Кочин поёживается, смотрит на своё «воинство» с кем ему придётся давать азотную кислоту – основной продукт аммиачной селитры, волнуется. Ему ещё трудно себе представить, как будут работать эти люди. Вот сидит восемнадцатилетняя Вера Серова, справится ли она с котлами утилизаторами, а это Владимир Соснин, аппаратчик абсорбции раньше работал в химии. «Дела…

Как будем пускать цех, – думал Кочин, – да и это ещё скопление в такой комнатушке, просто беда. Конечно, тесно два десятка людей, а что поделаешь бытовой корпус ещё не готов». Он смотрел вокруг себя на стены, которые были залеплены схемами производства, а около них толпилась группа рабочих. Они смотрят, доказывают, выясняют, но уж больно всё это муторно. И так всё ясно, а они всё копают и выискивают.

– Фёдор Григорьевич, ты не брал на моём столе скрепки? – спросил Кочин у начальника смены Сиротина, приехавшего по вызову из города Невиномыска.

– Нет. Зачем они мне, – ответил Сиротин.

– Только что были, вот напасть, – Игорь Петрович сверкает глазами по лицам, точно хочет убедиться, не взял ли кто, но все молчат.

Раскрывается дверь, на пороге появляется секретарша директора.

– Игорь Петрович, к директору, – сказала она и ушла горделиво, приподняв голову с модной причёской.

Кочин встал, обвёл всех подозрительным взглядом и вышел. В комнате долго стояла мёртвая тишина. Машинист Костриков не выдержал и спросил проникновенно:

– Фёдор Григорьевич, может быть, всё же у вас где-нибудь они под бумагами?

– Ты что, Василий!? До лампочки мне эти скрепки.

Он не выдержал, подошёл к столу начальника цеха, перешевелил бумаги и вытащил коробку.

– Вот они, – выдохнул из себя воздух Сиротин и поднял скрепки над головой.

Все молчали. Кажется, пустяк скрепки, но этот казалось бы пустячок, вывел из себя Сиротина. Он сидел, уткнувшись в бумаги, на лысой его голове появилась испарина. Фёдор Григорьевич её не вытирал.

– Ну и что тут особенного, если человек спросил, – приподнялся со своего места машинист Костриков, – чё это вы так все переполошились?

Ему не ответили, и он затих. В окно светило яркое солнце. В комнате было жарко и душно. Прямо против окон на осветительной вышке между прожекторов грачи устроили гнездо и теперь трудились, как у нас говорят в поте лица, где из гнезда, вытянув свои шеи, птенцы требовали пищи.

Тишина. С воем пролетает зелёная муха, она стучится в стекло и зудит, зудит по нервам. С полей наносит пряный запах разнотравья. Хочется бросить всё и уйти на речку, где можно растянуться на горячем песке и ни о чём не думать, просто лежать и смотреть в небо. Тик, так отстукивают часы минуты рабочего времени. Так, так стучит сердце каждого, шелестит бумага. Мужчинам надоело сидеть в духоте, вышли покурить. Остался начальник смены, он не курил. Фёдор Григорьевич ещё довольно молод, ему нет и тридцати. Жениться не успел. Девушки, вздыхая, шепчутся:

– Если бы ему ещё и волосы, Сиротин был бы хоть куда.

– Волосы сейчас уже не в моде. Учёные подсчитали, что в двухтысячных годах – того, все будут плешивые, – сощурив глаза, улыбалась Зоя Кухтина аппаратчице Вере Серовой, – с волосами одно расстройство: причёсывай, ухаживай, толи дело лысина. Взял бархоточку, смазал вазелинчиком и пошёл драить, блеск, залюбуешься.
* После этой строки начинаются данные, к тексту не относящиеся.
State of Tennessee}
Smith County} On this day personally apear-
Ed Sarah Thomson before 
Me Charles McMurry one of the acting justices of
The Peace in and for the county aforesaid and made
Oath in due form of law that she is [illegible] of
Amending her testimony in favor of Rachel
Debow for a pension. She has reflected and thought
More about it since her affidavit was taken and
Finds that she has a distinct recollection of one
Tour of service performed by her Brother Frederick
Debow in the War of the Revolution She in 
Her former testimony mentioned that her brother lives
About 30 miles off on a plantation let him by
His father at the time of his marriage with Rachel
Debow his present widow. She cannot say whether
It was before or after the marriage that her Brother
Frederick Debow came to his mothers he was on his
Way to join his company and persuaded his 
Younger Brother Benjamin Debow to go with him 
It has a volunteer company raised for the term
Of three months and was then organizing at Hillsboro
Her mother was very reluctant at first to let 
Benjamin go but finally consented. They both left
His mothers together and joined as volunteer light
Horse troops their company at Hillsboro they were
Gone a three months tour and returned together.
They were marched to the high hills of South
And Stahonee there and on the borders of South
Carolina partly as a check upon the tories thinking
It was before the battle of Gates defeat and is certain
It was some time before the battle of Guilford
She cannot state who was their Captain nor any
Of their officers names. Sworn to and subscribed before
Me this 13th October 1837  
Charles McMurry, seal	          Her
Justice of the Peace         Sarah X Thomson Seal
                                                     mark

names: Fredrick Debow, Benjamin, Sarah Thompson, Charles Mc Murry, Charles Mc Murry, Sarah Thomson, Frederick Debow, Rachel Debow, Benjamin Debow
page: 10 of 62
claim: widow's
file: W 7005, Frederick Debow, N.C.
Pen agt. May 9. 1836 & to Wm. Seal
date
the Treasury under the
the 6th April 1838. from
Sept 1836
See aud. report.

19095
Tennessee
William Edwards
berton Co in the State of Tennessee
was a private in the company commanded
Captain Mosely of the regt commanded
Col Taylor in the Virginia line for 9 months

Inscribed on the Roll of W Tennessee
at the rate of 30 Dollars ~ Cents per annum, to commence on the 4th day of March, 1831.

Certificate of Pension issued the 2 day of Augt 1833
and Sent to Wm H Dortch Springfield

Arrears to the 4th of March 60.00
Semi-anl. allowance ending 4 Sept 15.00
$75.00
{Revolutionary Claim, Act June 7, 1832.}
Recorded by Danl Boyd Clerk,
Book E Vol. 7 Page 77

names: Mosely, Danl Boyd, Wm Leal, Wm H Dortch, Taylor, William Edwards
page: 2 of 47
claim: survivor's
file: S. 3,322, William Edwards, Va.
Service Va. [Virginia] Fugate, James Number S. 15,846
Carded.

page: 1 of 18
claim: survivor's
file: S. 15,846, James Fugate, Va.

– Ты у меня поязвишь, – вздыхал Сиротин, – чувствуя, что разговор идёт о нём. – Я тебе…

Он не находил слов от возмущения, срывался с места и шёл к ней, грозно сверкая глазами. Зойка понимала, что это шутка и с визгом убегала, ожидая его где-нибудь в углу. Сейчас Фёдор Григорьевич не отреагировал на очередной всплеск души девушки, и она, поджав пухлые губки, замолчала.